Using the entries below, write out the line with "hfov_deg=73.8. centre=(511, 344).", the line with "Give the name of the thing at (727, 36).", and every line in between, exactly as each is written.

— STORED DATA —
§ §

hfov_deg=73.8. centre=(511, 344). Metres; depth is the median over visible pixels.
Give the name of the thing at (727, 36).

§ §

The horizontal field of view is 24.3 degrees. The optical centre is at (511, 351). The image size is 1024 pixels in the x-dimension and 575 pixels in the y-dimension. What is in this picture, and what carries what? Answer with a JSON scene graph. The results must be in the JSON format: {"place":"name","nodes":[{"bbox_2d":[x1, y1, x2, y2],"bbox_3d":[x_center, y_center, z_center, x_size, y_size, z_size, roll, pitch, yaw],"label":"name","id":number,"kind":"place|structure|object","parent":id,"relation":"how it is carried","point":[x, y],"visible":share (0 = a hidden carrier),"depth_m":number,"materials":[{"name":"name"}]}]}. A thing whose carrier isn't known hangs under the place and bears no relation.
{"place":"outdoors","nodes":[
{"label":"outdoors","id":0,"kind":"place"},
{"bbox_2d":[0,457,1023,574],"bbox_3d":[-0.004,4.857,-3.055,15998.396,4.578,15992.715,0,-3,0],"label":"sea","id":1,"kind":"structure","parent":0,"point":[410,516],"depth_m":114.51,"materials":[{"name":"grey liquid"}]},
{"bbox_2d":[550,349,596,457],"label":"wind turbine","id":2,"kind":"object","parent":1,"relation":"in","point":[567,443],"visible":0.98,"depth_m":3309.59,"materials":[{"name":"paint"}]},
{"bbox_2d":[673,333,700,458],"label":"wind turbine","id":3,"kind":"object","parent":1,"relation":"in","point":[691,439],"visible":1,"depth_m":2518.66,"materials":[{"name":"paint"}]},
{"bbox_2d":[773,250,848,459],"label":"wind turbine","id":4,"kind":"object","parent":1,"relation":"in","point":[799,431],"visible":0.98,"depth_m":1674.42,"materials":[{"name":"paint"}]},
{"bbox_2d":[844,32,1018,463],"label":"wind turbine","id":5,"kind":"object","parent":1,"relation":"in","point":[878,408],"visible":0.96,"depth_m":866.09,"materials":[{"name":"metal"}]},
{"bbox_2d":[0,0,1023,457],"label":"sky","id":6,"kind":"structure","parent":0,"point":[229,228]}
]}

§ §

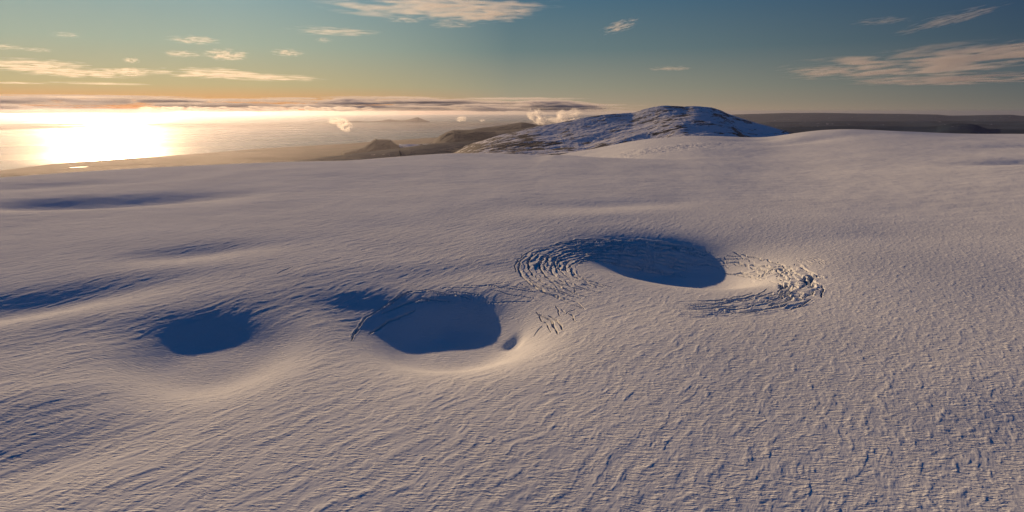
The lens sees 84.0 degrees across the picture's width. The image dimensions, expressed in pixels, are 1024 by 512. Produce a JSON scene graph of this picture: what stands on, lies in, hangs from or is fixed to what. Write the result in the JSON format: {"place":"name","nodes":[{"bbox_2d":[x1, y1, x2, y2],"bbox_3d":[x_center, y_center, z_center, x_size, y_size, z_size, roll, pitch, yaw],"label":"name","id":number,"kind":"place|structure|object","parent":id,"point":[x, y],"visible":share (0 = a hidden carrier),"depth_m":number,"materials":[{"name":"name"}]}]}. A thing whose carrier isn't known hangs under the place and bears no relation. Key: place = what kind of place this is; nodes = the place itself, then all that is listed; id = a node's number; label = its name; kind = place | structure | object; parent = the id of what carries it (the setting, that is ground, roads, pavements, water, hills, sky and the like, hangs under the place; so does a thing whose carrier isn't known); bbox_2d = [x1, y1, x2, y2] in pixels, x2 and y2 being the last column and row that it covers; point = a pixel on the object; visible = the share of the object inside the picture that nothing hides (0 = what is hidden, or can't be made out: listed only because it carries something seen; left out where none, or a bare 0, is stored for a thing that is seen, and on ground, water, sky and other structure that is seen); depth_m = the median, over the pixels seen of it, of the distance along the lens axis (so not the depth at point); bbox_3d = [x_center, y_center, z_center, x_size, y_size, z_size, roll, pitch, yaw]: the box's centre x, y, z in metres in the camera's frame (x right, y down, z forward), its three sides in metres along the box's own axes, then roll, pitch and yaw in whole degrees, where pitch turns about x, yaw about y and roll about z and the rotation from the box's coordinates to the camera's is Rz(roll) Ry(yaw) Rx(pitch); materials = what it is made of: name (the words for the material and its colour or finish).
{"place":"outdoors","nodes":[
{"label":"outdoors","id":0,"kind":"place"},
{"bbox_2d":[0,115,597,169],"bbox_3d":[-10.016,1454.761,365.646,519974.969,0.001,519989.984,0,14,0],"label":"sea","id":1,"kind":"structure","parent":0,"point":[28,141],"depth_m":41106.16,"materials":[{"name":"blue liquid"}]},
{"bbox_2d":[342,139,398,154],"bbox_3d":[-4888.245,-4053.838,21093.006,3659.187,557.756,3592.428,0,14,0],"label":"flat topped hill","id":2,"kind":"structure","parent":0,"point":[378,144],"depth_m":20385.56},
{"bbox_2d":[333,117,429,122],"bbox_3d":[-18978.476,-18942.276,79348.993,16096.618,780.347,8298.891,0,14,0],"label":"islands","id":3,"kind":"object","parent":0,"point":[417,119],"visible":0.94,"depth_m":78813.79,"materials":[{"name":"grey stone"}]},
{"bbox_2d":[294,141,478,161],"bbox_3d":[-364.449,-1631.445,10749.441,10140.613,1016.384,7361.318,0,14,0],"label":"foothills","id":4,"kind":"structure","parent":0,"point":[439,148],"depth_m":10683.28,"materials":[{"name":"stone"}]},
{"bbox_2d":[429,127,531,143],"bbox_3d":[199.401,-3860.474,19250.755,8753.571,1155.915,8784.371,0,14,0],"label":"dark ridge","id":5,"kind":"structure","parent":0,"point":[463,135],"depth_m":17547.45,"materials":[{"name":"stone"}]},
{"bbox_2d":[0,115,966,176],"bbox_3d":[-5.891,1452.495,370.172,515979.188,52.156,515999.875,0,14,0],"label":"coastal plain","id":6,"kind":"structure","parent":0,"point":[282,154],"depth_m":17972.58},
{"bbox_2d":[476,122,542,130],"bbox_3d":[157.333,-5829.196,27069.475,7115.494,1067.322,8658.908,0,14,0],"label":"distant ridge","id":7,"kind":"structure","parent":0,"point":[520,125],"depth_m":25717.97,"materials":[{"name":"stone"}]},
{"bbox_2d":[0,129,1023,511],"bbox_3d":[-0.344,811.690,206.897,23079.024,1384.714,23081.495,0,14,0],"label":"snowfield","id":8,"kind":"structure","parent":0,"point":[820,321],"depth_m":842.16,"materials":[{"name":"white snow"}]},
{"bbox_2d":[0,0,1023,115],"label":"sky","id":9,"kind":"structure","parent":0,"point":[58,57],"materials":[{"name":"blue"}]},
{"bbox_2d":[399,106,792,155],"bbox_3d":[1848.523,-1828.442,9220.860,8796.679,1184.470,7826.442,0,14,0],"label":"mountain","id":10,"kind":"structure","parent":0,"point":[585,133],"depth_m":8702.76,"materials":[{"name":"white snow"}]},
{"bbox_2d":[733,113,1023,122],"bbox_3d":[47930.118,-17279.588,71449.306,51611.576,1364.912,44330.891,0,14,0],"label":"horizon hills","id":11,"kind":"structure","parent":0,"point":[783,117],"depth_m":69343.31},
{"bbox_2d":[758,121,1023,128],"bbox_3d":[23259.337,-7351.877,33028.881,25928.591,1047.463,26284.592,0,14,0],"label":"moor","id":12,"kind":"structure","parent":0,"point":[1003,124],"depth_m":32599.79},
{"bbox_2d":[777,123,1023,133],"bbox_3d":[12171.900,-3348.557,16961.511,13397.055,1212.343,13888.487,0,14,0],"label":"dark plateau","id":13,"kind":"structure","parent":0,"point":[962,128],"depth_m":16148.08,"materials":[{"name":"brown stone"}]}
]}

§ §

— EXERCISE RESPONSE —
hfov_deg=73.8. centre=(511, 344). Metres; depth is the median over visible pixels.
Give the name of the thing at (727, 36).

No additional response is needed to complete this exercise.